Skills Gap Toolkit
ESCO Semantic Database
The ESCO Semantic Database supports semantic search and skills matching within the Companies for Tomorrow (C4T) platform. The system integrates the ESCO dataset into a hybrid database environment combining relational storage and vector-based semantic search capabilities.
- ESCO Dataset Acquisition
The process begins with the ESCO dataset, which contains structured information about:
- Occupations
- Skills
- Relationships between occupations and skills
The complete ESCO database is used as the primary data source. The data are exported in CSV format, ensuring compatibility with the database system and allowing structured import.
- Data Import into MariaDB
The exported ESCO CSV files are imported into MariaDB, where the data are stored in structured tables.
MariaDB serves as a hybrid database system, functioning both as:
- A Relational Database Management System (RDBMS) for structured ESCO data tables
- A Vector Database for storing semantic embeddings
The relational tables maintain the original ESCO structure, including occupations, skills, and their relationships.
- Text Preparation
After importing the data, a text preparation process is performed.
For each ESCO entity (occupation or skill), the following fields are combined:
- Preferred Label
- Description
These fields are merged into a single text representation, which serves as the input for embedding generation.
This step ensures that both the title and semantic description of each entity are included in the vector representation.
- Embeddings Generation
The merged text fields are processed using the embeddinggemma model to generate semantic embeddings.
Key characteristics of this step:
- Each occupation and skill is converted into a numerical vector representation
- The embeddings capture semantic meaning and conceptual similarity
- The same embedding model must be consistently used
- Changing the embedding model requires regeneration of all embeddings
The embeddings enable semantic comparison between skills and occupations.
- Relational and Vector Storage
The system stores the processed data in two complementary forms:
Relational Database Storage
The original ESCO data are stored in relational tables, including:
- Occupation tables
- Skills tables
- Relationship tables
This supports structured queries and filtering operations.
Vector Database Storage
The generated embeddings are stored in MariaDB using the vector data type supported by recent MariaDB versions.
This allows MariaDB to operate as a Vector Database, enabling efficient vector similarity calculations.
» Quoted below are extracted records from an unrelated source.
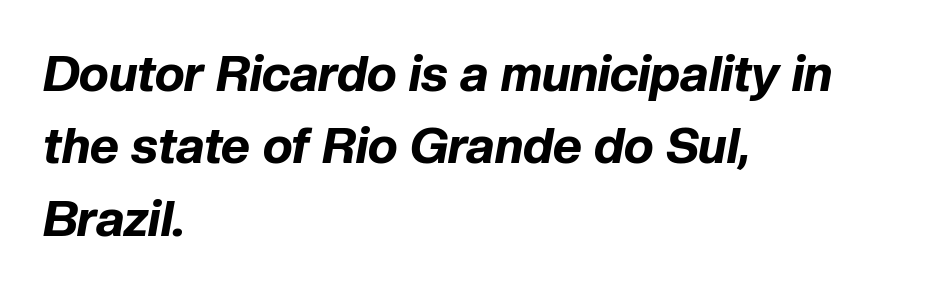
Words float on clear page, feet unadorned. This is heavy type, rendered in bold. The font's italic variant was chosen for this text. The lines are quadded left.
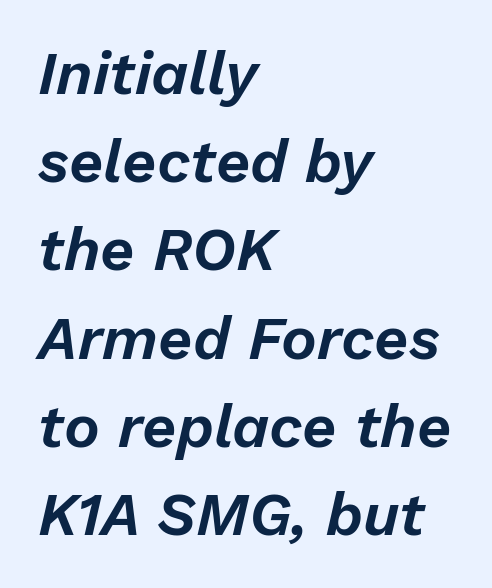
{"italic": "yes", "lean": "right", "slant_degrees": 13, "width": "normal", "stroke_contrast": "low", "x_height": "medium", "monospaced": "no", "underline": "no", "align": "left", "line_spacing": "normal", "line_spacing_ratio": 1.47, "letter_spacing": "normal", "letter_spacing_em": 0.0, "glyph_px": 60}
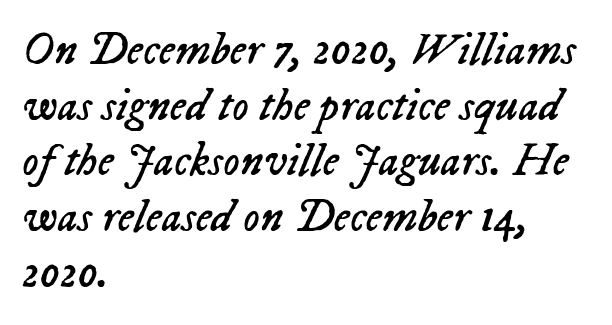
Q: Is the text bold? A: No.
Q: Is the text italic (slanted)? A: Yes, it leans right by about 23 degrees.
Q: Is the text underlined? A: No.
Q: How is the paragraph aligned? A: Left-aligned.
Q: Is the spacing between letters normal or unusually wide? A: Normal.
Q: Width (condensed, normal, or wide)? A: Normal.
Q: Stroke contrast? A: Low.
Q: x-height? A: Medium.
Q: Monospaced? A: No.
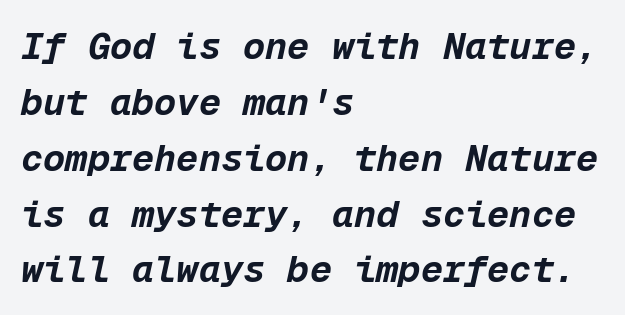
The image shows 37 px bold type, italic (leaning right), monospaced; set left-aligned, normal line spacing (1.51x), normal letter spacing, not underlined; low stroke contrast and a medium x-height.
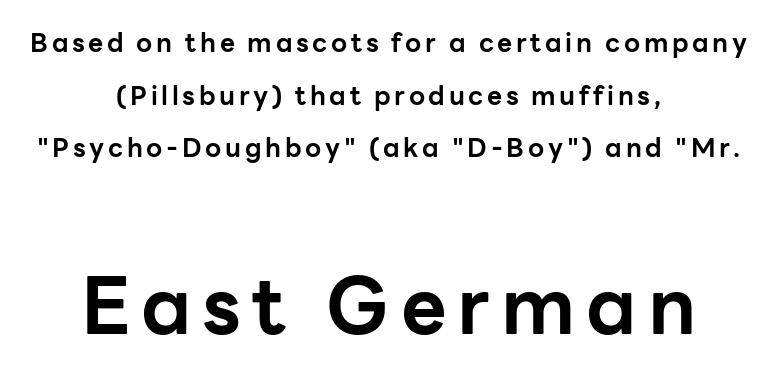
The image shows 79 px bold sans-serif type, upright; set centered, loose line spacing (2.02x), not underlined; the second (bottom) block is 3.04x larger; low stroke contrast and a medium x-height.
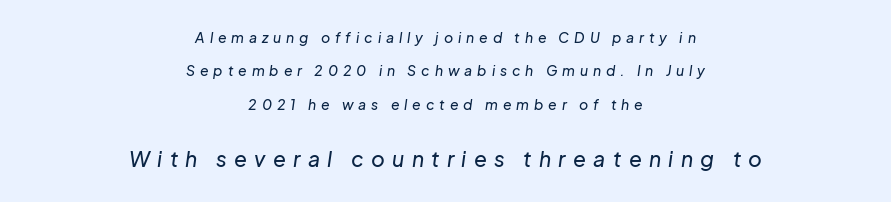
Q: Is the text italic (slanted)? A: Yes, it leans right by about 8 degrees.
Q: Is the text underlined? A: No.
Q: How is the paragraph aligned? A: Centered.
Q: Is the spacing between letters normal or unusually wide? A: Unusually wide.
Q: Is the spacing between lines tight, normal or loose? A: Loose.
Q: Which block of text is set in a larger size, the first (top) or the second (bottom)? A: The second (bottom) one.
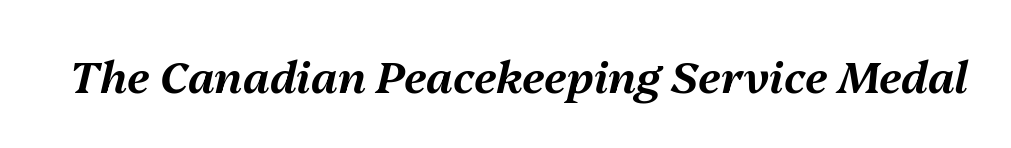
Inter-character spacing is left at the font's built-in metrics. Here the designer chose a conventional face with non-uniform glyph widths. A clean baseline with only descenders dipping below it. The glyphs look as if they've been sheared to an angle.
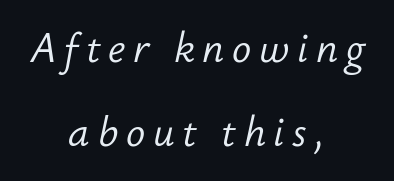
The image shows 40 px light type, italic (leaning right); set centered, loose line spacing (2.11x), not underlined; low stroke contrast and a small x-height.
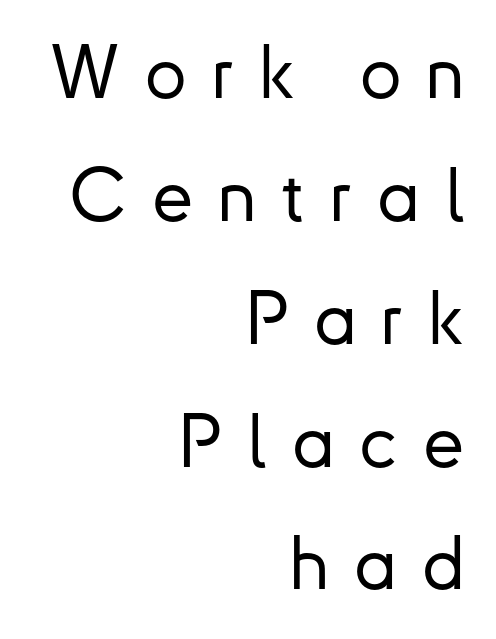
The face used here is rendered with a markedly widened letterfit. Reading down the column, the eye jumps a familiar distance to each next line. The passage shown is typed in a proportional face where columns would drift. Notice how the stems are strictly vertical — no italics here. A typesetter would label this face a sans.
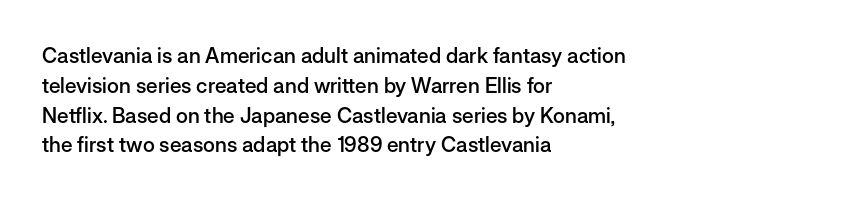
{"italic": "no", "bold": "semi", "underline": "no", "align": "left", "line_spacing": "normal", "line_spacing_ratio": 1.42, "letter_spacing": "normal", "letter_spacing_em": 0.0, "glyph_px": 21}
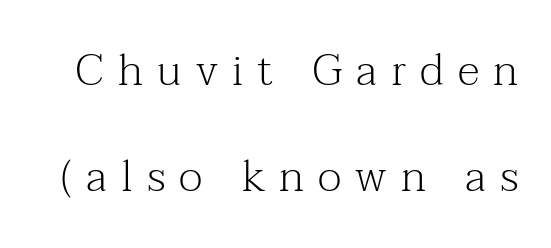
Q: Is the text bold? A: No.
Q: Is the text italic (slanted)? A: No, it is upright.
Q: Is the typeface a serif or a sans-serif typeface? A: Serif.
Q: Is the text underlined? A: No.
Q: Is the spacing between letters normal or unusually wide? A: Unusually wide.
Q: Is the spacing between lines tight, normal or loose? A: Loose.
Q: Width (condensed, normal, or wide)? A: Normal.
Q: Stroke contrast? A: Medium.
Q: x-height? A: Medium.
Q: Monospaced? A: No.
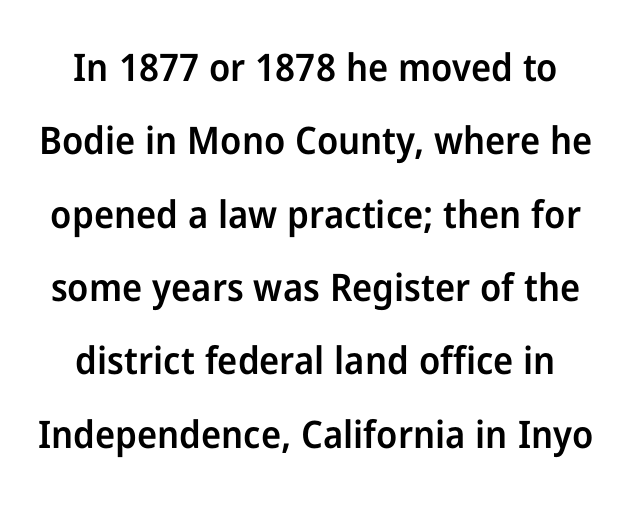
{"serif": "no", "italic": "no", "bold": "semi", "weight": "semibold", "width": "normal", "stroke_contrast": "low", "x_height": "medium", "monospaced": "no", "underline": "no", "align": "center", "line_spacing": "loose", "line_spacing_ratio": 1.93, "letter_spacing": "normal", "letter_spacing_em": 0.0, "glyph_px": 38}
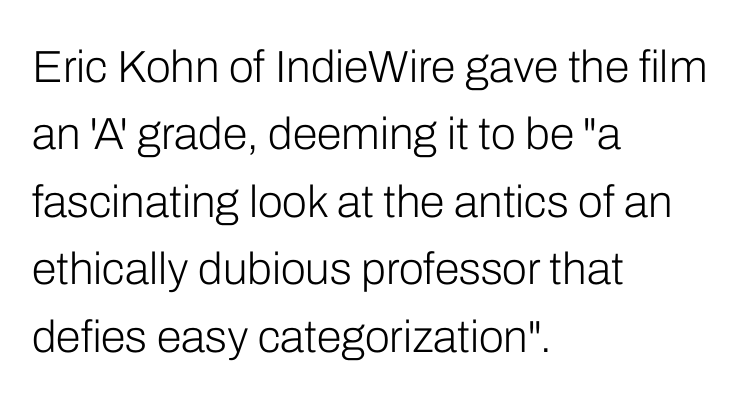
{"serif": "no", "italic": "no", "bold": "no", "weight": "light", "width": "normal", "stroke_contrast": "low", "x_height": "medium", "monospaced": "no", "underline": "no", "align": "left", "line_spacing": "normal", "line_spacing_ratio": 1.5, "letter_spacing": "normal", "letter_spacing_em": 0.0, "glyph_px": 45}
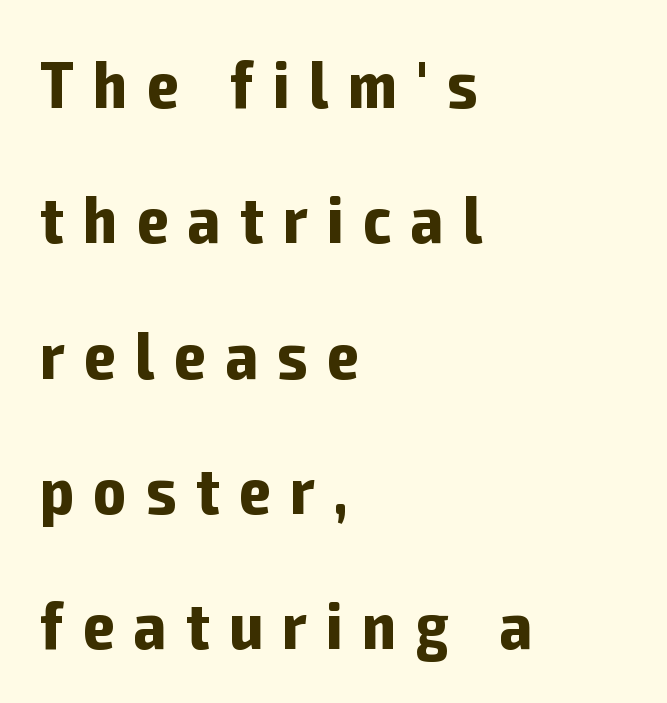
The letters are spread apart with noticeably loose tracking. Each letter keeps its own natural width here, so spacing adapts to shape. Does the leading feel generous? Absolutely, it's lavish. These words are printed bold, with thick strokes throughout. One-word summary of the alignment: left.
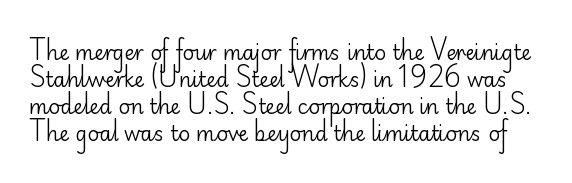
{"italic": "no", "bold": "no", "underline": "no", "line_spacing": "normal", "line_spacing_ratio": 1.35, "letter_spacing": "normal", "letter_spacing_em": 0.0, "glyph_px": 20}
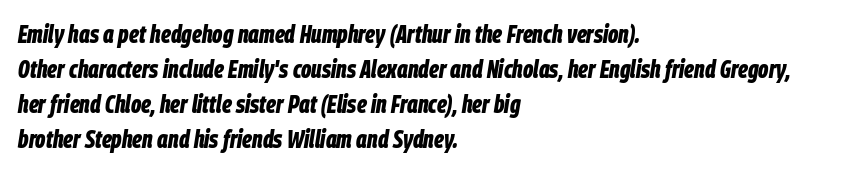
{"italic": "yes", "lean": "right", "slant_degrees": 9, "bold": "yes", "underline": "no", "align": "left", "line_spacing": "normal", "line_spacing_ratio": 1.4, "letter_spacing": "normal", "letter_spacing_em": 0.0, "glyph_px": 25}
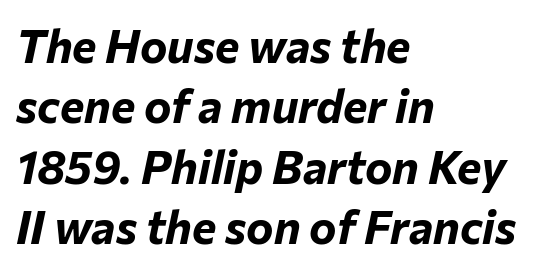
{"italic": "yes", "lean": "right", "slant_degrees": 12, "bold": "yes", "weight": "bold", "width": "normal", "stroke_contrast": "low", "x_height": "medium", "monospaced": "no", "underline": "no", "align": "left", "line_spacing": "normal", "line_spacing_ratio": 1.31, "letter_spacing": "normal", "letter_spacing_em": 0.0, "glyph_px": 46}
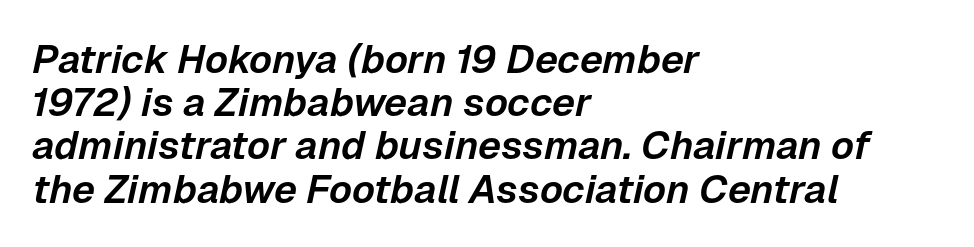
Each new line begins almost immediately beneath the previous one. Character widths vary here, with narrow letters taking less room than wide ones. Is the type slanted? Yes — the strokes lean at a clear angle. Spacing between characters is what you'd get straight out of the box.
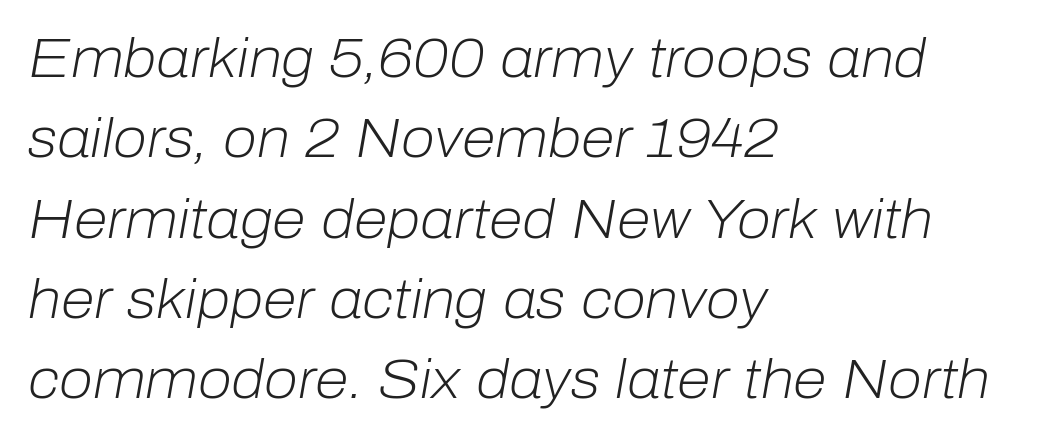
Q: Is the text bold? A: No.
Q: Is the text italic (slanted)? A: Yes, it leans right by about 10 degrees.
Q: Is the text underlined? A: No.
Q: How is the paragraph aligned? A: Left-aligned.
Q: Is the spacing between letters normal or unusually wide? A: Normal.
Q: Is the spacing between lines tight, normal or loose? A: Normal.
Q: Width (condensed, normal, or wide)? A: Normal.
Q: Stroke contrast? A: Low.
Q: x-height? A: Medium.
Q: Monospaced? A: No.
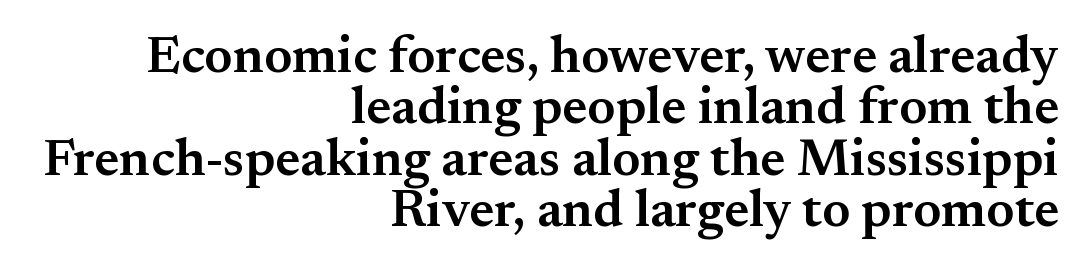
The image shows 52 px semibold serif type, upright; set right-aligned, tight line spacing (0.99x), normal letter spacing, not underlined; medium stroke contrast and a small x-height.
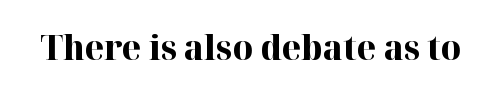
Nothing unusual about the tracking: characters are spaced as the font intends. Note the varied advance widths — an 'i' is clearly narrower than an 'm'. Heft: maximum for text — a bold. Ascenders rise straight up at ninety degrees.
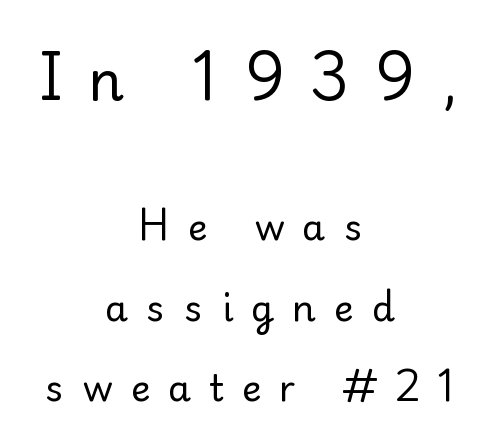
Between these two stacked blocks, the higher one wins on size. Caption: expanded tracking, letters set apart. Are there feet on the stems? There are — it's a serif. Each stroke keeps to a modest, everyday thickness or less.
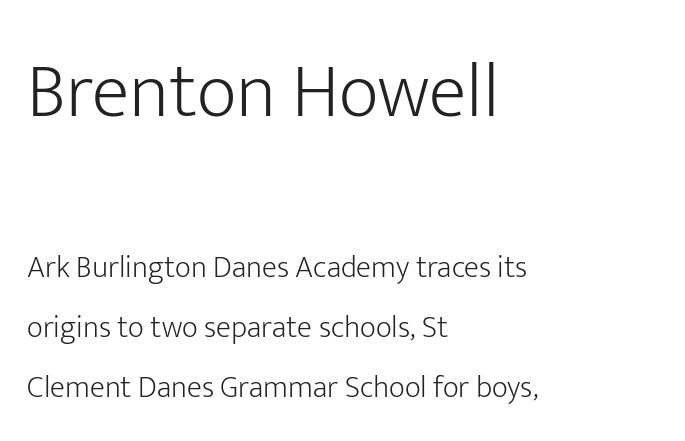
{"serif": "no", "italic": "no", "bold": "no", "weight": "light", "width": "normal", "stroke_contrast": "low", "x_height": "medium", "monospaced": "no", "underline": "no", "align": "left", "line_spacing": "loose", "line_spacing_ratio": 1.94, "letter_spacing": "normal", "letter_spacing_em": 0.0, "larger_block": "first", "size_ratio": 2.52, "glyph_px": 78}
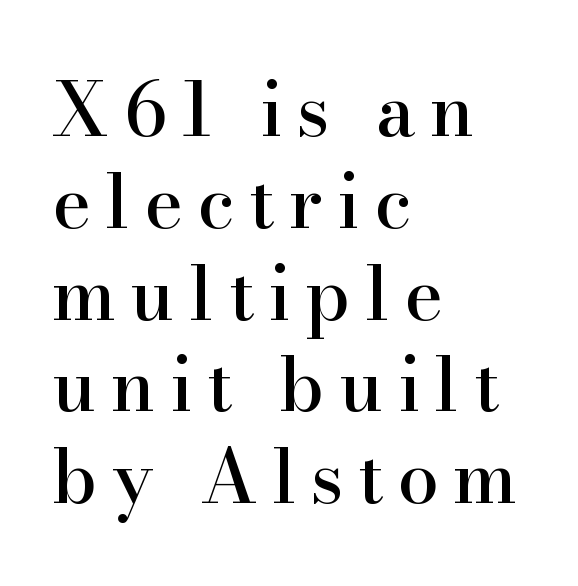
{"serif": "yes", "italic": "no", "width": "normal", "stroke_contrast": "high", "x_height": "small", "monospaced": "no", "underline": "no", "align": "left", "line_spacing_ratio": 1.24, "glyph_px": 74}
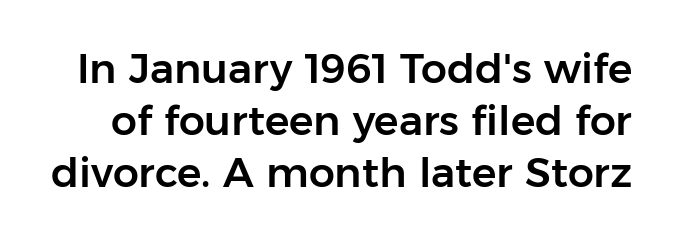
The axis of the letterforms is exactly vertical. The rows are spaced the way most documents space them. Words appear dense and cohesive because spacing is normal. Type style note: lacks serifs. These lines are rendered in a variable-pitch font. Clear beneath every line of the passage.
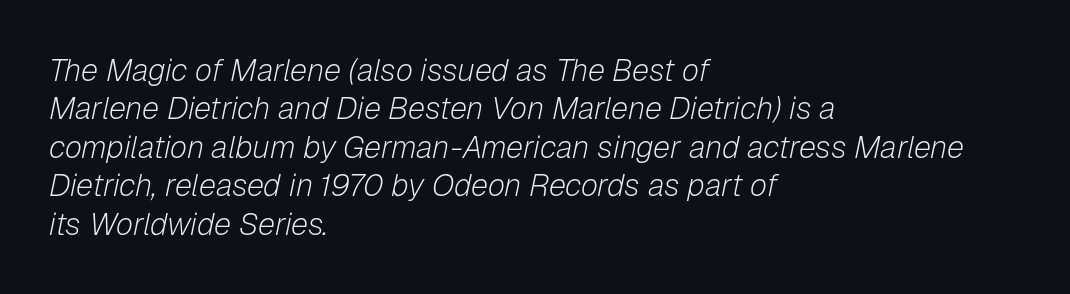
The image shows 31 px light type, italic (leaning right); set left-aligned, line spacing 1.24x, normal letter spacing, not underlined; low stroke contrast and a medium x-height.
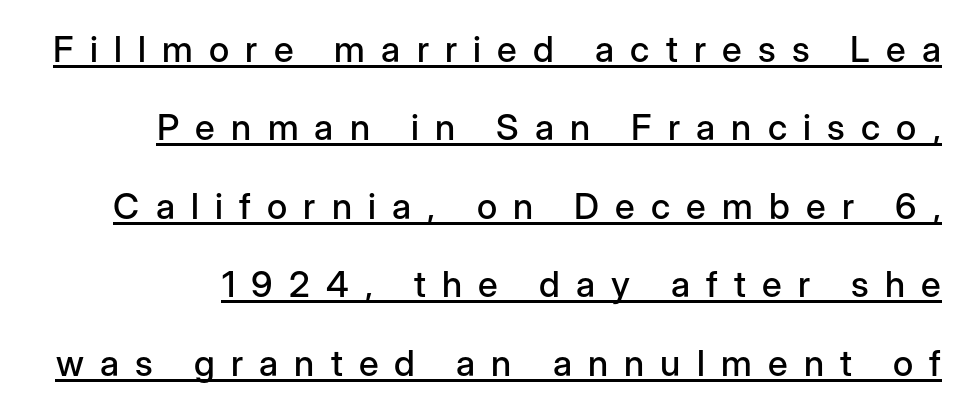
Does the leading feel generous? Absolutely, it's lavish. Vertical strokes here are truly vertical. In terms of letterform style, serifs are entirely absent. Is the letter spacing exaggerated? Yes — the characters are pushed far apart.

- MariaDB Hybrid Vector Database
MariaDB operates as a combined relational and vector database, where:
- Structured ESCO data support traditional database queries
- Vector embeddings support semantic similarity queries
This hybrid architecture enables both structured and semantic access to skills and occupations data.
- Semantic Search Engine
The stored embeddings are used by the Semantic Search Engine.
The search engine performs similarity search, allowing the system to identify conceptually related skills and occupations even when exact keywords do not match.
This enables:
- Concept-based skill matching
- Occupation similarity detection
- Intelligent recommendations
- Skills Passport functionality
- Skills Gap analysis
- Similarity Search (Concept-Based Matching)
The final stage of the process is semantic similarity search, where:
- Query text is converted into embeddings
- Vector similarity calculations are performed
- The most relevant occupations or skills are identified
This produces concept-based matching results, allowing users to discover relevant skills and occupations based on meaning rather than exact wording.